Only five candidates have voiced any concern at all about moving education forward, improving the curriculum to meet the expanding challenges of a rapidly diversifying world and having an open and honest outlook on the challenges ahead. A vote for any of these five candidates will serve to improve the school system and would do nothing to boost my ego and calm my Type-A agitation and irritability. I realize that most people not reading this will vote for three people. But, knowing that you readers at www.ontheborderline.nut find three to be a really large number – but smaller than the $4.5 million -- I am encouraging you to vote for only one candidate to minimize your confusion and the potential of excess drooling in the voting booth. If you are lucky enough to be a tenth as perfect as me and desire directions to Dr. Bill’s Mississippi Post-Election, Hot Tube party, then I recommend voting for only one person on April 1st- Jim Baker.

Love me!

Cute Geese
Nuts Hudson

6 comments:

Anonymous said...

I hope, I hope, I hope, I hope, I hope, I hope that Jim makes it in this year!!! He's the great borderliner hope. He's the best we could come up with this year, but he's really ours, he's in our pockets. He's our guy. He cares about our psychoses, and our obsessions. He cares about our skunk rights. Thank you Cute Geese for putting down in words what all of us borderliners have been thinking for so long. Go, Jim, Go! Some day Alice - to the Moon!!!!

Anonymous said...

On a serious note. Does anyone think it's a coincidence that Baker unveiled his "Bullet" strategy just in time for the "be nice too all candidates" letter writing week at HSO. He did this to try to stop any criticism of his tactic. Don't let them get away with it. Vote for 3 with integrity.

Anonymous said...

Dear Cute,
I swear I've read this same letter 100 times in different forms and incarnations. You say the same thing, over, and over, and over, and over, and over....(excuse me my fingers got stuck). GET A LIFE WILL YOU. We've heard your whine ENOUGH to move to Napa valley for relief.
Why don't you just write your bullet points and save yourself some time.

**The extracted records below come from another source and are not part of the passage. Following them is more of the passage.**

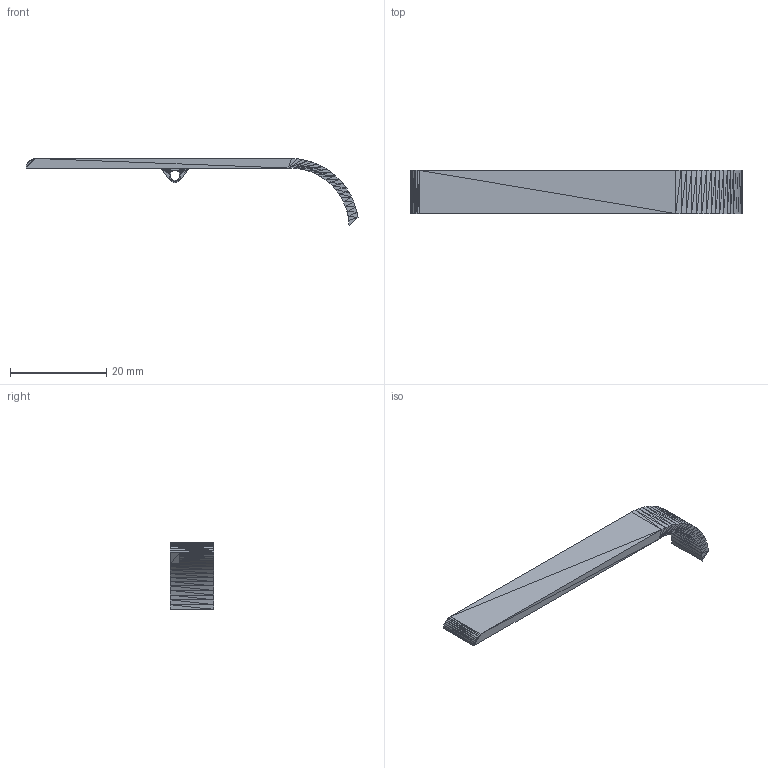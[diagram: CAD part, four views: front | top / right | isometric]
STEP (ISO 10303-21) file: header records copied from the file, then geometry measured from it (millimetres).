
FILE_DESCRIPTION((''),'2;1');
FILE_NAME('Left Wheel Cover', '2025-08-01T02:15:54', (''), (''), 'ImageToStl.com STEP Converter','', '');
FILE_SCHEMA(('AUTOMOTIVE_DESIGN_CC2'));
Length unit declared in the file: metre
Products named in the file (1): product0
Bounding box: 69.16 x 9 x 13.98 mm (x, y, z)
Surface area: 1709.2 mm2 (no closed solid volume)
Topology: 0 solids, 332 shells, 332 faces, 996 edges, 166 vertices
Faces by surface type: plane 332
Entity records: 8003 total; most frequent: DIRECTION 1662, ORIENTED_EDGE 996, EDGE_CURVE 996, LINE 996, VECTOR 996, AXIS2_PLACEMENT_3D 333, STYLED_ITEM 333, FACE_SURFACE 332
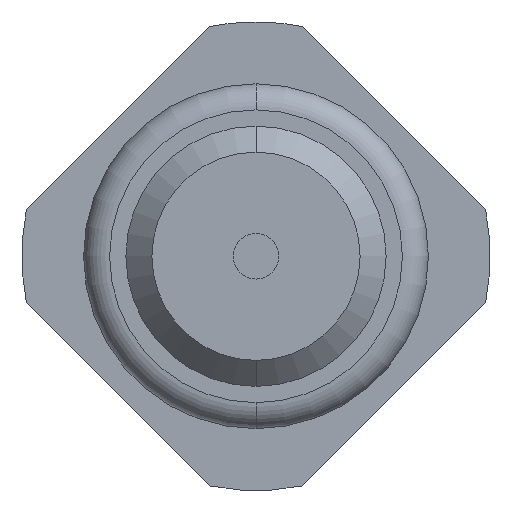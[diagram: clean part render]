
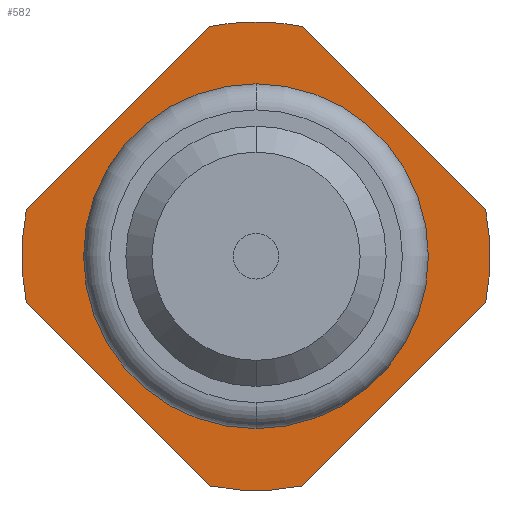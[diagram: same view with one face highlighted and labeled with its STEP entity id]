
A CAD part, front view. The second image highlights one B-rep face of the part: STEP entity #582.
In plain terms, the highlighted planar face has unit normal (0, -1, 0).
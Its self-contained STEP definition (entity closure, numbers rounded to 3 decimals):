
#134 = DIRECTION ( 'NONE',  ( 0., 0., 1. ) ) ;
#278 = EDGE_CURVE ( 'NONE', #2990, #363, #4815, .T. ) ;
#308 = ORIENTED_EDGE ( 'NONE', *, *, #5620, .F. ) ;
#338 = DIRECTION ( 'NONE',  ( 0., 0., 1. ) ) ;
#363 = VERTEX_POINT ( 'NONE', #1265 ) ;
#510 = AXIS2_PLACEMENT_3D ( 'NONE', #4222, #5254, #134 ) ;
#582 = ADVANCED_FACE ( 'Defeature ausgef�hrt2_2', ( #1777, #6569 ), #793, .F. ) ;
#697 = EDGE_CURVE ( 'NONE', #4107, #1254, #2454, .T. ) ;
#770 = DIRECTION ( 'NONE',  ( -0.707, 0., -0.707 ) ) ;
#793 = PLANE ( 'NONE',  #3443 ) ;
#800 = DIRECTION ( 'NONE',  ( 0.707, 0., 0.707 ) ) ;
#825 = CARTESIAN_POINT ( 'NONE',  ( 1.8, -2., 0. ) ) ;
#856 = CIRCLE ( 'NONE', #1173, 1.325 ) ;
#955 = EDGE_LOOP ( 'NONE', ( #4183, #989 ) ) ;
#967 = CIRCLE ( 'NONE', #1287, 1.325 ) ;
#976 = AXIS2_PLACEMENT_3D ( 'NONE', #2379, #4465, #338 ) ;
#989 = ORIENTED_EDGE ( 'NONE', *, *, #3418, .T. ) ;
#1076 = CARTESIAN_POINT ( 'NONE',  ( 0., -2., 0. ) ) ;
#1173 = AXIS2_PLACEMENT_3D ( 'NONE', #1923, #5090, #6183 ) ;
#1197 = CARTESIAN_POINT ( 'NONE',  ( 0., -2., 0. ) ) ;
#1241 = EDGE_CURVE ( 'NONE', #2922, #5360, #1661, .T. ) ;
#1254 = VERTEX_POINT ( 'NONE', #2748 ) ;
#1265 = CARTESIAN_POINT ( 'NONE',  ( -0.357, -2., 1.764 ) ) ;
#1287 = AXIS2_PLACEMENT_3D ( 'NONE', #1076, #5302, #2712 ) ;
#1343 = ORIENTED_EDGE ( 'NONE', *, *, #1241, .F. ) ;
#1444 = ORIENTED_EDGE ( 'NONE', *, *, #5041, .F. ) ;
#1477 = DIRECTION ( 'NONE',  ( 0., 0., 1. ) ) ;
#1495 = ORIENTED_EDGE ( 'NONE', *, *, #5081, .F. ) ;
#1509 = DIRECTION ( 'NONE',  ( 0., 1., 0. ) ) ;
#1661 = LINE ( 'NONE', #4178, #2866 ) ;
#1716 = CARTESIAN_POINT ( 'NONE',  ( -0.161, -2., 1.961 ) ) ;
#1719 = LINE ( 'NONE', #2326, #6295 ) ;
#1777 = FACE_BOUND ( 'NONE', #955, .T. ) ;
#1923 = CARTESIAN_POINT ( 'NONE',  ( 0., -2., 0. ) ) ;
#2080 = DIRECTION ( 'NONE',  ( 0.707, 0., -0.707 ) ) ;
#2086 = EDGE_CURVE ( 'NONE', #5360, #2990, #5519, .T. ) ;
#2222 = CARTESIAN_POINT ( 'NONE',  ( 0., -2., 1.325 ) ) ;
#2231 = VERTEX_POINT ( 'NONE', #2892 ) ;
#2306 = DIRECTION ( 'NONE',  ( 0., 1., 0. ) ) ;
#2326 = CARTESIAN_POINT ( 'NONE',  ( 1.961, -2., -0.161 ) ) ;
#2379 = CARTESIAN_POINT ( 'NONE',  ( 0., -2., 0. ) ) ;
#2454 = LINE ( 'NONE', #3068, #3119 ) ;
#2569 = CARTESIAN_POINT ( 'NONE',  ( 0., -2., -1.325 ) ) ;
#2606 = AXIS2_PLACEMENT_3D ( 'NONE', #4908, #2306, #6481 ) ;
#2712 = DIRECTION ( 'NONE',  ( 0., 0., 1. ) ) ;
#2748 = CARTESIAN_POINT ( 'NONE',  ( 1.764, -2., 0.357 ) ) ;
#2866 = VECTOR ( 'NONE', #4274, 1000. ) ;
#2876 = VERTEX_POINT ( 'NONE', #2222 ) ;
#2892 = CARTESIAN_POINT ( 'NONE',  ( 1.764, -2., -0.357 ) ) ;
#2922 = VERTEX_POINT ( 'NONE', #4446 ) ;
#2923 = EDGE_CURVE ( 'NONE', #2231, #5021, #1719, .T. ) ;
#2990 = VERTEX_POINT ( 'NONE', #4962 ) ;
#3068 = CARTESIAN_POINT ( 'NONE',  ( 1.961, -2., 0.161 ) ) ;
#3119 = VECTOR ( 'NONE', #2080, 1000. ) ;
#3269 = DIRECTION ( 'NONE',  ( 0., 1., 0. ) ) ;
#3418 = EDGE_CURVE ( 'NONE', #6617, #2876, #856, .T. ) ;
#3443 = AXIS2_PLACEMENT_3D ( 'NONE', #825, #6491, #5564 ) ;
#3746 = DIRECTION ( 'NONE',  ( 0., 0., 1. ) ) ;
#3888 = CIRCLE ( 'NONE', #4788, 1.8 ) ;
#3916 = EDGE_CURVE ( 'NONE', #2876, #6617, #967, .T. ) ;
#4022 = CIRCLE ( 'NONE', #2606, 1.8 ) ;
#4083 = ORIENTED_EDGE ( 'NONE', *, *, #697, .F. ) ;
#4107 = VERTEX_POINT ( 'NONE', #6607 ) ;
#4178 = CARTESIAN_POINT ( 'NONE',  ( -0.161, -2., -1.961 ) ) ;
#4183 = ORIENTED_EDGE ( 'NONE', *, *, #3916, .T. ) ;
#4190 = ORIENTED_EDGE ( 'NONE', *, *, #278, .F. ) ;
#4222 = CARTESIAN_POINT ( 'NONE',  ( 0., -2., 0. ) ) ;
#4274 = DIRECTION ( 'NONE',  ( -0.707, 0., 0.707 ) ) ;
#4340 = CIRCLE ( 'NONE', #5660, 1.8 ) ;
#4446 = CARTESIAN_POINT ( 'NONE',  ( -0.357, -2., -1.764 ) ) ;
#4465 = DIRECTION ( 'NONE',  ( 0., 1., 0. ) ) ;
#4694 = ORIENTED_EDGE ( 'NONE', *, *, #2923, .F. ) ;
#4744 = EDGE_CURVE ( 'NONE', #363, #6041, #4340, .T. ) ;
#4759 = VECTOR ( 'NONE', #800, 1000. ) ;
#4788 = AXIS2_PLACEMENT_3D ( 'NONE', #1197, #3269, #3746 ) ;
#4815 = LINE ( 'NONE', #1716, #4759 ) ;
#4908 = CARTESIAN_POINT ( 'NONE',  ( 0., -2., 0. ) ) ;
#4962 = CARTESIAN_POINT ( 'NONE',  ( -1.764, -2., 0.357 ) ) ;
#4978 = CARTESIAN_POINT ( 'NONE',  ( 0.357, -2., -1.764 ) ) ;
#5021 = VERTEX_POINT ( 'NONE', #4978 ) ;
#5041 = EDGE_CURVE ( 'NONE', #6041, #4107, #5554, .T. ) ;
#5081 = EDGE_CURVE ( 'NONE', #1254, #2231, #4022, .T. ) ;
#5090 = DIRECTION ( 'NONE',  ( 0., 1., 0. ) ) ;
#5254 = DIRECTION ( 'NONE',  ( 0., 1., 0. ) ) ;
#5302 = DIRECTION ( 'NONE',  ( 0., 1., 0. ) ) ;
#5355 = ORIENTED_EDGE ( 'NONE', *, *, #4744, .F. ) ;
#5360 = VERTEX_POINT ( 'NONE', #6398 ) ;
#5519 = CIRCLE ( 'NONE', #510, 1.8 ) ;
#5554 = CIRCLE ( 'NONE', #976, 1.8 ) ;
#5564 = DIRECTION ( 'NONE',  ( 0., 0., 1. ) ) ;
#5593 = CARTESIAN_POINT ( 'NONE',  ( 0., -2., 0. ) ) ;
#5620 = EDGE_CURVE ( 'NONE', #5021, #2922, #3888, .T. ) ;
#5660 = AXIS2_PLACEMENT_3D ( 'NONE', #5593, #1509, #1477 ) ;
#5672 = ORIENTED_EDGE ( 'NONE', *, *, #2086, .F. ) ;
#5824 = EDGE_LOOP ( 'NONE', ( #4083, #1444, #5355, #4190, #5672, #1343, #308, #4694, #1495 ) ) ;
#6041 = VERTEX_POINT ( 'NONE', #6484 ) ;
#6183 = DIRECTION ( 'NONE',  ( 0., 0., 1. ) ) ;
#6295 = VECTOR ( 'NONE', #770, 1000. ) ;
#6398 = CARTESIAN_POINT ( 'NONE',  ( -1.764, -2., -0.357 ) ) ;
#6481 = DIRECTION ( 'NONE',  ( 0., 0., 1. ) ) ;
#6484 = CARTESIAN_POINT ( 'NONE',  ( 0., -2., 1.8 ) ) ;
#6491 = DIRECTION ( 'NONE',  ( 0., 1., 0. ) ) ;
#6569 = FACE_OUTER_BOUND ( 'NONE', #5824, .T. ) ;
#6607 = CARTESIAN_POINT ( 'NONE',  ( 0.357, -2., 1.764 ) ) ;
#6617 = VERTEX_POINT ( 'NONE', #2569 ) ;
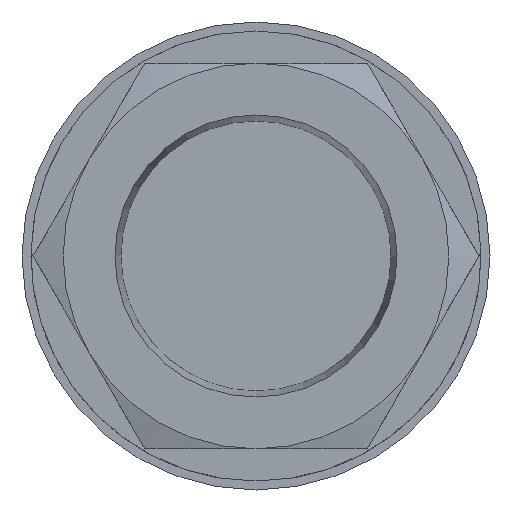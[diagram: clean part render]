
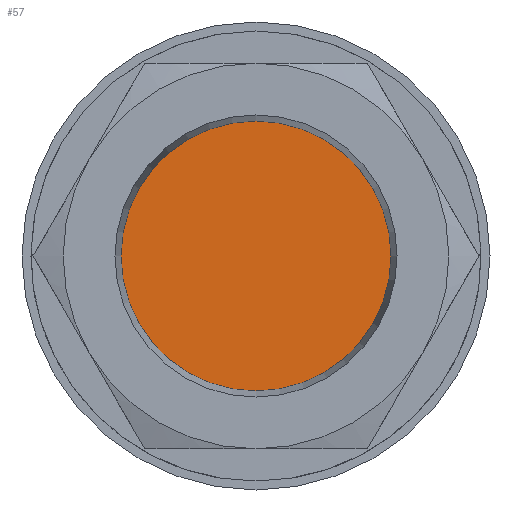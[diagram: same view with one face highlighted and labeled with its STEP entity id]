
A CAD part, left-side view. The second image highlights one B-rep face of the part: STEP entity #57.
In plain terms, the highlighted planar face has unit normal (-1, 0, 0).
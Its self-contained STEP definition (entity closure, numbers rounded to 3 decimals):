
#57 = ADVANCED_FACE( '', ( #131 ), #132, .F. );
#131 = FACE_OUTER_BOUND( '', #230, .T. );
#132 = PLANE( '', #231 );
#230 = EDGE_LOOP( '', ( #337 ) );
#231 = AXIS2_PLACEMENT_3D( '', #338, #339, #340 );
#337 = ORIENTED_EDGE( '', *, *, #529, .F. );
#338 = CARTESIAN_POINT( '', ( 2.667, 0., 0. ) );
#339 = DIRECTION( '', ( 1., 0., 0. ) );
#340 = DIRECTION( '', ( 0., 0., -1. ) );
#529 = EDGE_CURVE( '', #612, #612, #613, .T. );
#612 = VERTEX_POINT( '', #747 );
#613 = CIRCLE( '', #748, 10.5 );
#747 = CARTESIAN_POINT( '', ( 2.667, 0., -10.5 ) );
#748 = AXIS2_PLACEMENT_3D( '', #888, #889, #890 );
#888 = CARTESIAN_POINT( '', ( 2.667, 0., 0. ) );
#889 = DIRECTION( '', ( 1., 0., 0. ) );
#890 = DIRECTION( '', ( 0., 0., -1. ) );

1.$11,000/ kid is way too much.
2.I hate taxes.
3.Teacher Spouses Suck.
4.I wish I could retire like a teacher.
5.I'm a wealth creator.

You could even fit this on one of your big ugly plywood signs and display it all year over on the Charmichael Farm.

Note to HSO. DON'T LET THIS GUY RE-SUBSCRIBE!!!!!!

Anonymous said...

Redundancy: I had the same thought when I read Cute's latest letter to the OTBL Editor. Nothing new. The same ol' same ol'. This guy has got to get some new material or he's going to get boo'd off the stage. Maybe he could add something like: "Poor me. The jack-booted thugs hauled me out of the school board meeting on June 14." On second thought, I think I've heard that one 523 times already.

JPN said...

I suppose he's operating under the assumption that repetition is an important part of learning. Of course, constantly reminding people why you should be nominated to the Fools Hall of Fame helps educate people on the idiocracy the festers ontheborderline.net.

Anonymous said...

Do you think he'd reply to the HSO comments online. NO WAY!! If he did
then he couldn't whine about HSO breaking it's editorial rules.
Tantrum time comming soon. Just watch!!!!